3 Great and Inspiring Books About Writing

These books are the ones we always go back to time and again, whenever we need that jolt.

books about writing

How is your writing going at the moment? I’ll be honest and say that mine personally could have been better this last month or so. I started the year strongly and have reached a bit of a dip. The thing that always helps me to get out of a slump is to get inspired by someone else, be it asking a friend who is busy with their words if I can read for them, or reading a book about writing by someone who seriously knows what they are talking about. Here are three great books on the subject, all of which have helped me when I’ve been feeling a bit down in the writing dumps. They’re the ones I always go back to time and again, whenever I need that jolt.


1. Zen in the Art of Writing – Ray Bradbury

Writing is supposed to be difficult, agonizing, a dreadful exercise, a terrible occupation.

This is a book I was assigned on my MA, and I’m always flicking through the pages.

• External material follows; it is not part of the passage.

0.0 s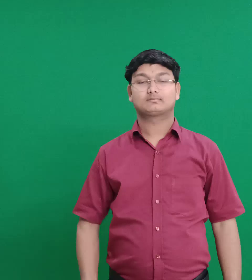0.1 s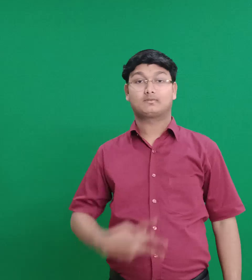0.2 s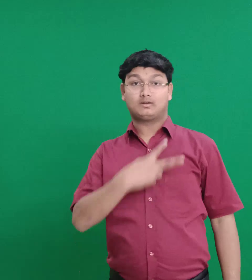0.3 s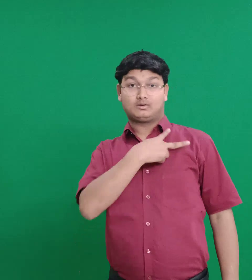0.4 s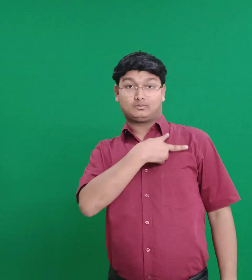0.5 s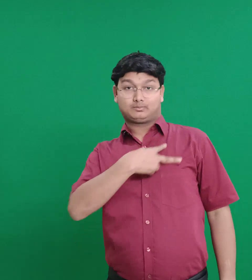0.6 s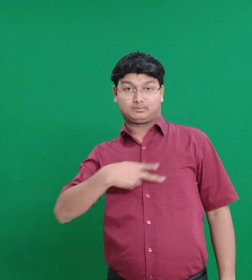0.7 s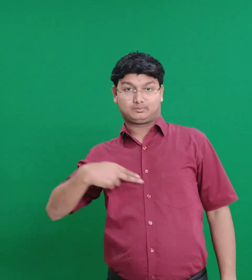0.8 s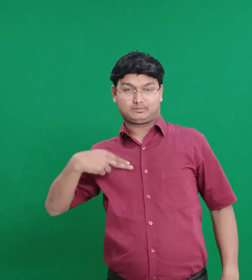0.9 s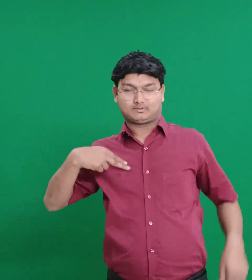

Ray Bradbury wrote something like 30 books and 500 short stories, as well as scripts, essays and countless other things. If anyone knows about writing, it is him.

Zen in the Art of Writing is a book full of excellent and helpful tips. I like his thoughts on developing ideas and your own style the best, but what I really love about it is that Bradbury is so honest about the actual craft of writing. He doesn’t ever pretend that it is an easy thing to do, but he is also far from discouraging. Reading the book, you get the feeling that Bradbury believes in you, whoever you are, whenever you are reading his book – he believes you can be a writer just like him. Sometimes that is all the encouragement you need to get going through a difficult patch.


2. On Writing: A Memoir of the Craft – Stephen King

So okay― there you are in your room with the shade down and the door shut and the plug pulled out of the base of the telephone. You’ve blown up your TV and committed yourself to a thousand words a day, come hell or high water. Now comes the big question: What are you going to write about? And the equally big answer: Anything you damn well want.

You’ve heard of Stephen King, right? I don’t need to introduce him. On Writing is another book I was assigned on my MA, and another one I am profoundly grateful for. Everyone who wants to be a writer should read this book. I almost don’t need to say more than that.

On Writing is, as the full title suggests, more than just a book about writing. It is a book about the life that comes with writing, and how those things can rub along together, and how sometimes they can’t. King is painfully honest about everything, from his struggle with alcohol and drugs, to the sheer number of rejections he received when he first started writing, to slowly coming back to his writing after an accident that almost killed him. What I like about this book is that King is just a guy who happens to be one of the world’s best-selling authors, and he doesn’t pretend there is any mysticism to being so successful. He just puts himself in a chair every day and he writes, and that is no different for him than it is for any of us.


3. How Not to Write a Novel – Howard Mittelmark and Sandra Newman

There was a time when a book could be sold purely because its author had been to distant climes and had returned to tell of the exotic sights he had seen. That author was Marco Polo, and the time was the thirteenth century.

You might not have heard of husband and wife team Mittelmark and Newman, but you’re definitely going to want to get hold of their book. Both of them are authors in their own right – not as famous as Stephen King, of course – but more than qualified to dole out the advice.

And what I love about their advice is that is so funny. Their book is an actual joy to read, in a way that not many ‘self help’ books are, and you come away as entertained as you do informed. The gimmick is that this book is ‘how not to write a novel’, so they focus on all of the things that can go horribly wrong when creating your masterpiece, rather than telling you directly how to get it right. Funny as it is though, don’t think that you’ve been short changed on the advice – the first time that I read it, I came away from this book with thoughts for days on everything I needed to work on.